**Excerpts from a dataset**.
<<<<
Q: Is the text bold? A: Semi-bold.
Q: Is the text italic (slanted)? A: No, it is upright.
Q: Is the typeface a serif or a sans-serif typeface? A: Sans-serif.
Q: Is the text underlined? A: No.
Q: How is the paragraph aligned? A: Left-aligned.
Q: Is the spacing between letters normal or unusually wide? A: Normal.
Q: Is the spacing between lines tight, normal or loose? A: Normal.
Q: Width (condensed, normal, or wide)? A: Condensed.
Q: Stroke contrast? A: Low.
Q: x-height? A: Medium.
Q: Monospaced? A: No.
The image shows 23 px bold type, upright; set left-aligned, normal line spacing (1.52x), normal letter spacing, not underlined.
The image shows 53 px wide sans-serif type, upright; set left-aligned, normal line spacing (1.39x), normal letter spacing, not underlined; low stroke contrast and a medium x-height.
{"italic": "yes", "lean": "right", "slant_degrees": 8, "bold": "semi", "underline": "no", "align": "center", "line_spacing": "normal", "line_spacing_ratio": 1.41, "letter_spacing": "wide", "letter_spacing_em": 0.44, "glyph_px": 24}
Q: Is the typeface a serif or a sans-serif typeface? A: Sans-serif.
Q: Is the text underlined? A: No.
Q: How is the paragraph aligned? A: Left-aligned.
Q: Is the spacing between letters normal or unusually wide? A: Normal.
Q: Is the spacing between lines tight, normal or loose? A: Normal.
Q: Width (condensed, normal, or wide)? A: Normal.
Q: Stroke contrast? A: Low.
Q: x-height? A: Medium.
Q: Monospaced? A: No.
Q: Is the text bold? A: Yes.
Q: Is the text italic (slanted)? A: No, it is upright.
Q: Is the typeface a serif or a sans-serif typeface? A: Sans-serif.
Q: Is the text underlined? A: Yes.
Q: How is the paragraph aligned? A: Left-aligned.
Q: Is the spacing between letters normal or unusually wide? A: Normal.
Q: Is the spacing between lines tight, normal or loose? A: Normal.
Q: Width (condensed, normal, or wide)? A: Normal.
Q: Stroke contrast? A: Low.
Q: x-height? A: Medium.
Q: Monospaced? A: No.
>>>>
**PROBLEM DETAILS**. Which lines run from the one holding "The image shows 23" through the one holding "The image shows 53" in the records above? Repeat them exactly, both included, and nothing more.

**ANSWER FOR THIS EXERCISE**.
The image shows 23 px bold type, upright; set left-aligned, normal line spacing (1.52x), normal letter spacing, not underlined.
The image shows 53 px wide sans-serif type, upright; set left-aligned, normal line spacing (1.39x), normal letter spacing, not underlined; low stroke contrast and a medium x-height.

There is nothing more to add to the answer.